## Data excerpts
::::::::::

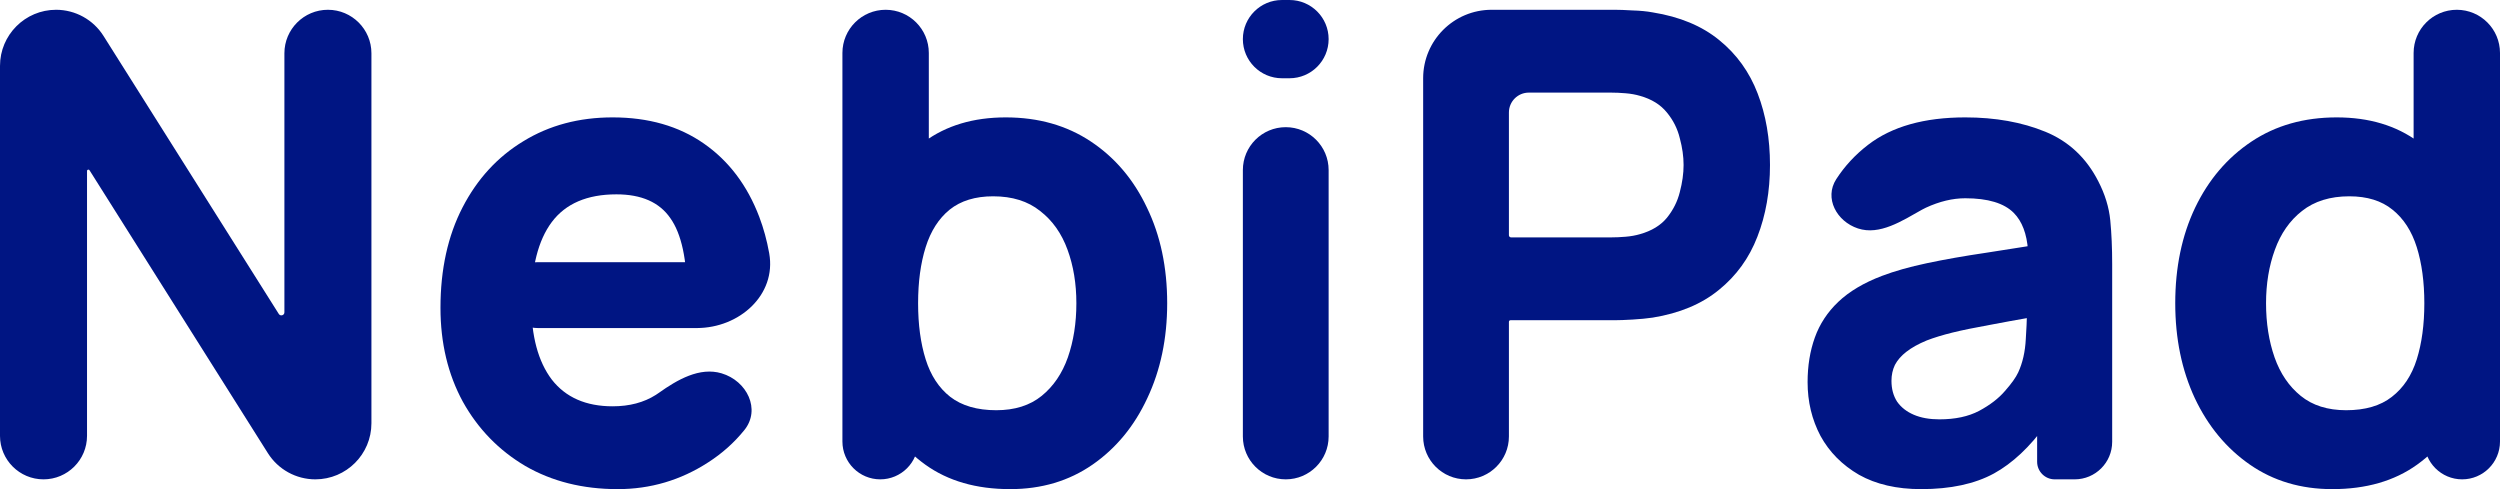 <svg width="184" height="36" viewBox="0 0 184 36" fill="none" xmlns="http://www.w3.org/2000/svg">
<g filter="url(#filter0_ii_2_2)">
<path d="M3.202 35.28C1.434 35.28 0 33.846 0 32.078V4.848C0 2.568 1.848 0.72 4.128 0.72V0.72C5.545 0.72 6.863 1.447 7.619 2.646L20.52 23.108C20.64 23.297 20.932 23.212 20.932 22.989V22.989V3.922C20.932 2.154 22.366 0.72 24.134 0.72V0.72C25.903 0.72 27.337 2.154 27.337 3.922V31.152C27.337 33.432 25.489 35.28 23.209 35.28V35.28C21.791 35.28 20.473 34.553 19.717 33.354L6.588 12.53C6.535 12.446 6.405 12.483 6.405 12.583V12.583V32.078C6.405 33.846 4.971 35.28 3.202 35.28V35.28Z" fill="#001583" style="mix-blend-mode:overlay"/>
<path d="M45.461 36C42.893 36 40.627 35.432 38.662 34.296C36.713 33.144 35.181 31.568 34.067 29.568C32.969 27.552 32.419 25.248 32.419 22.656C32.419 19.824 32.961 17.36 34.044 15.264C35.127 13.168 36.62 11.544 38.523 10.392C40.426 9.224 42.615 8.64 45.09 8.64C47.72 8.64 49.956 9.28 51.797 10.56C53.638 11.84 54.999 13.64 55.881 15.96C56.2 16.799 56.444 17.692 56.613 18.638C57.163 21.712 54.407 24.144 51.284 24.144V24.144V24.144C50.888 24.144 50.567 23.823 50.567 23.427V21.744C50.567 19.104 50.157 17.208 49.337 16.056C48.532 14.888 47.209 14.304 45.368 14.304C43.218 14.304 41.632 14.984 40.611 16.344C39.606 17.688 39.103 19.68 39.103 22.32C39.103 24.736 39.606 26.608 40.611 27.936C41.632 29.248 43.125 29.904 45.09 29.904C46.328 29.904 47.387 29.624 48.269 29.064C48.344 29.016 48.418 28.967 48.49 28.915C49.857 27.942 51.494 26.998 53.103 27.475V27.475C54.981 28.032 56.013 30.135 54.781 31.658C54.033 32.582 53.146 33.374 52.121 34.032C50.095 35.344 47.875 36 45.461 36ZM39.578 24.144C38.239 24.144 37.154 23.059 37.154 21.72V21.72C37.154 20.381 38.239 19.296 39.578 19.296H51.345C52.684 19.296 53.769 20.381 53.769 21.72V21.72C53.769 23.059 52.684 24.144 51.345 24.144H39.578Z" fill="#001583" style="mix-blend-mode:overlay"/>
<path d="M74.348 36C71.857 36 69.776 35.4 68.106 34.2C66.435 33 65.174 31.368 64.323 29.304C63.488 27.24 63.07 24.912 63.07 22.32C63.07 19.728 63.488 17.4 64.323 15.336C65.159 13.272 66.388 11.64 68.013 10.44C69.637 9.24 71.641 8.64 74.023 8.64C76.421 8.64 78.51 9.232 80.289 10.416C82.068 11.6 83.445 13.224 84.419 15.288C85.41 17.336 85.905 19.68 85.905 22.32C85.905 24.912 85.417 27.24 84.443 29.304C83.484 31.368 82.138 33 80.405 34.2C78.672 35.4 76.653 36 74.348 36ZM64.787 35.28C63.249 35.28 62.002 34.033 62.002 32.495V3.899C62.002 2.143 63.426 0.72 65.182 0.72V0.72C66.938 0.72 68.361 2.143 68.361 3.899V17.125C68.361 17.343 68.184 17.52 67.966 17.52V17.52C67.749 17.52 67.572 17.697 67.572 17.915V32.495C67.572 34.033 66.325 35.28 64.787 35.28V35.28ZM73.327 30.192C74.688 30.192 75.802 29.84 76.669 29.136C77.535 28.432 78.177 27.488 78.595 26.304C79.012 25.104 79.221 23.776 79.221 22.32C79.221 20.88 79.005 19.568 78.572 18.384C78.138 17.184 77.465 16.232 76.553 15.528C75.655 14.808 74.503 14.448 73.095 14.448C71.78 14.448 70.712 14.776 69.892 15.432C69.088 16.088 68.5 17.008 68.129 18.192C67.757 19.376 67.572 20.752 67.572 22.32C67.572 23.888 67.757 25.264 68.129 26.448C68.5 27.632 69.103 28.552 69.939 29.208C70.79 29.864 71.919 30.192 73.327 30.192Z" fill="#001583" style="mix-blend-mode:overlay"/>
<path d="M94.355 5.76C92.765 5.76 91.475 4.471 91.475 2.88V2.88C91.475 1.289 92.765 0 94.355 0H94.907C96.498 0 97.787 1.289 97.787 2.88V2.88C97.787 4.471 96.498 5.76 94.907 5.76H94.355ZM94.631 35.28C92.888 35.28 91.475 33.867 91.475 32.124V12.516C91.475 10.773 92.888 9.36 94.631 9.36V9.36C96.374 9.36 97.787 10.773 97.787 12.516V32.124C97.787 33.867 96.374 35.28 94.631 35.28V35.28Z" fill="#001583" style="mix-blend-mode:overlay"/>
<path d="M107.9 35.28C106.157 35.28 104.744 33.867 104.744 32.124V5.76V5.76C104.744 2.976 107.001 0.72 109.784 0.72H118.854C119.178 0.72 119.612 0.736 120.153 0.768C120.71 0.784 121.205 0.832 121.638 0.912C123.634 1.232 125.266 1.912 126.535 2.952C127.819 3.992 128.762 5.304 129.366 6.888C129.969 8.456 130.271 10.208 130.271 12.144C130.271 14.08 129.961 15.84 129.343 17.424C128.739 18.992 127.796 20.296 126.511 21.336C125.243 22.376 123.618 23.056 121.638 23.376C121.205 23.44 120.71 23.488 120.153 23.52C119.596 23.552 119.163 23.568 118.854 23.568H111.173C111.108 23.568 111.056 23.62 111.056 23.684V23.684V32.124C111.056 33.867 109.643 35.28 107.9 35.28V35.28ZM111.056 17.314C111.056 17.401 111.127 17.472 111.215 17.472H118.575C118.9 17.472 119.256 17.456 119.643 17.424C120.029 17.392 120.385 17.328 120.71 17.232C121.561 16.992 122.218 16.592 122.683 16.032C123.147 15.456 123.464 14.824 123.634 14.136C123.82 13.432 123.912 12.768 123.912 12.144C123.912 11.52 123.82 10.864 123.634 10.176C123.464 9.472 123.147 8.84 122.683 8.28C122.218 7.704 121.561 7.296 120.71 7.056C120.385 6.96 120.029 6.896 119.643 6.864C119.256 6.832 118.9 6.816 118.575 6.816H112.52C111.712 6.816 111.056 7.471 111.056 8.28V8.28V17.314V17.314Z" fill="#001583" style="mix-blend-mode:overlay"/>
<path d="M141.393 36C139.599 36 138.075 35.648 136.822 34.944C135.584 34.224 134.64 33.272 133.991 32.088C133.356 30.888 133.039 29.568 133.039 28.128C133.039 26.928 133.217 25.832 133.573 24.84C133.929 23.848 134.501 22.976 135.29 22.224C136.095 21.456 137.17 20.816 138.516 20.304C139.444 19.952 140.55 19.64 141.834 19.368C143.118 19.096 144.573 18.84 146.197 18.6C147.259 18.433 148.391 18.255 149.593 18.067C149.993 18.004 150.182 18.544 149.83 18.745V18.745C149.586 18.884 149.282 18.707 149.262 18.428C149.175 17.209 148.827 16.29 148.216 15.672C147.504 14.952 146.313 14.592 144.642 14.592C143.714 14.592 142.747 14.824 141.742 15.288C141.645 15.333 141.551 15.38 141.46 15.432C139.996 16.255 138.345 17.339 136.749 16.815V16.815C135.174 16.299 134.249 14.58 135.147 13.188C135.767 12.227 136.549 11.383 137.495 10.656C139.243 9.312 141.625 8.64 144.642 8.64C146.855 8.64 148.819 8.992 150.537 9.696C152.254 10.4 153.553 11.616 154.435 13.344C154.93 14.304 155.224 15.264 155.317 16.224C155.41 17.184 155.456 18.256 155.456 19.44V32.519C155.456 34.044 154.22 35.28 152.695 35.28H151.227C150.512 35.28 149.933 34.701 149.933 33.986V31.058C149.933 30.713 150.376 30.571 150.576 30.852V30.852C150.664 30.974 150.665 31.139 150.577 31.261C149.395 32.899 148.121 34.095 146.754 34.848C145.346 35.616 143.559 36 141.393 36ZM142.739 30.864C143.9 30.864 144.874 30.656 145.663 30.24C146.468 29.808 147.102 29.32 147.566 28.776C148.046 28.232 148.371 27.776 148.541 27.408C148.866 26.704 149.051 25.888 149.098 24.96C149.147 24.215 149.176 23.569 149.187 23.024C149.19 22.813 149.389 22.659 149.593 22.712V22.712C149.929 22.799 149.909 23.284 149.567 23.344C148.359 23.556 147.336 23.742 146.499 23.904C145.338 24.112 144.402 24.304 143.691 24.48C142.979 24.656 142.353 24.848 141.811 25.056C141.192 25.312 140.69 25.592 140.303 25.896C139.931 26.184 139.653 26.504 139.467 26.856C139.297 27.208 139.212 27.6 139.212 28.032C139.212 28.624 139.351 29.136 139.63 29.568C139.924 29.984 140.334 30.304 140.86 30.528C141.386 30.752 142.012 30.864 142.739 30.864Z" fill="#001583" style="mix-blend-mode:overlay"/>
<path d="M171.654 36C169.349 36 167.33 35.4 165.598 34.2C163.865 33 162.511 31.368 161.537 29.304C160.577 27.24 160.098 24.912 160.098 22.32C160.098 19.68 160.585 17.336 161.56 15.288C162.55 13.224 163.935 11.6 165.714 10.416C167.493 9.232 169.581 8.64 171.979 8.64C174.362 8.64 176.365 9.24 177.99 10.44C179.614 11.64 180.844 13.272 181.679 15.336C182.515 17.4 182.933 19.728 182.933 22.32C182.933 24.912 182.507 27.24 181.656 29.304C180.821 31.368 179.568 33 177.897 34.2C176.226 35.4 174.145 36 171.654 36ZM172.675 30.192C174.083 30.192 175.205 29.864 176.04 29.208C176.891 28.552 177.502 27.632 177.874 26.448C178.245 25.264 178.431 23.888 178.431 22.32C178.431 20.752 178.245 19.376 177.874 18.192C177.502 17.008 176.907 16.088 176.087 15.432C175.282 14.776 174.223 14.448 172.908 14.448C171.5 14.448 170.339 14.808 169.427 15.528C168.529 16.232 167.864 17.184 167.431 18.384C166.998 19.568 166.781 20.88 166.781 22.32C166.781 23.776 166.99 25.104 167.408 26.304C167.825 27.488 168.467 28.432 169.334 29.136C170.2 29.84 171.314 30.192 172.675 30.192ZM181.215 35.28C179.677 35.28 178.431 34.033 178.431 32.495V17.915C178.431 17.697 178.254 17.52 178.036 17.52V17.52C177.818 17.52 177.642 17.343 177.642 17.125V3.899C177.642 2.143 179.065 0.72 180.821 0.72V0.72C182.577 0.72 184 2.143 184 3.899V32.495C184 34.033 182.753 35.28 181.215 35.28V35.28Z" fill="#001583" style="mix-blend-mode:overlay"/>
</g>
<defs>
<filter id="filter0_ii_2_2" x="0" y="-4" width="184" height="44" filterUnits="userSpaceOnUse" color-interpolation-filters="sRGB">
<feFlood flood-opacity="0" result="BackgroundImageFix"/>
<feBlend mode="normal" in="SourceGraphic" in2="BackgroundImageFix" result="shape"/>
<feColorMatrix in="SourceAlpha" type="matrix" values="0 0 0 0 0 0 0 0 0 0 0 0 0 0 0 0 0 0 127 0" result="hardAlpha"/>
<feOffset dy="4"/>
<feGaussianBlur stdDeviation="4"/>
<feComposite in2="hardAlpha" operator="arithmetic" k2="-1" k3="1"/>
<feColorMatrix type="matrix" values="0 0 0 0 0.859 0 0 0 0 0 0 0 0 0 1 0 0 0 1 0"/>
<feBlend mode="normal" in2="shape" result="effect1_innerShadow_2_2"/>
<feColorMatrix in="SourceAlpha" type="matrix" values="0 0 0 0 0 0 0 0 0 0 0 0 0 0 0 0 0 0 127 0" result="hardAlpha"/>
<feOffset dy="-4"/>
<feGaussianBlur stdDeviation="4"/>
<feComposite in2="hardAlpha" operator="arithmetic" k2="-1" k3="1"/>
<feColorMatrix type="matrix" values="0 0 0 0 0 0 0 0 0 0 0 0 0 0 0 0 0 0 0.5 0"/>
<feBlend mode="normal" in2="effect1_innerShadow_2_2" result="effect2_innerShadow_2_2"/>
</filter>
</defs>
</svg>

::::::::::

## INSTRUCTIONS TO FOLLOW
Wherever a line in the records contains the word "matrix", copy that line.

## SOLUTION TO THE EXERCISE
<feColorMatrix in="SourceAlpha" type="matrix" values="0 0 0 0 0 0 0 0 0 0 0 0 0 0 0 0 0 0 127 0" result="hardAlpha"/>
<feColorMatrix type="matrix" values="0 0 0 0 0.859 0 0 0 0 0 0 0 0 0 1 0 0 0 1 0"/>
<feColorMatrix in="SourceAlpha" type="matrix" values="0 0 0 0 0 0 0 0 0 0 0 0 0 0 0 0 0 0 127 0" result="hardAlpha"/>
<feColorMatrix type="matrix" values="0 0 0 0 0 0 0 0 0 0 0 0 0 0 0 0 0 0 0.5 0"/>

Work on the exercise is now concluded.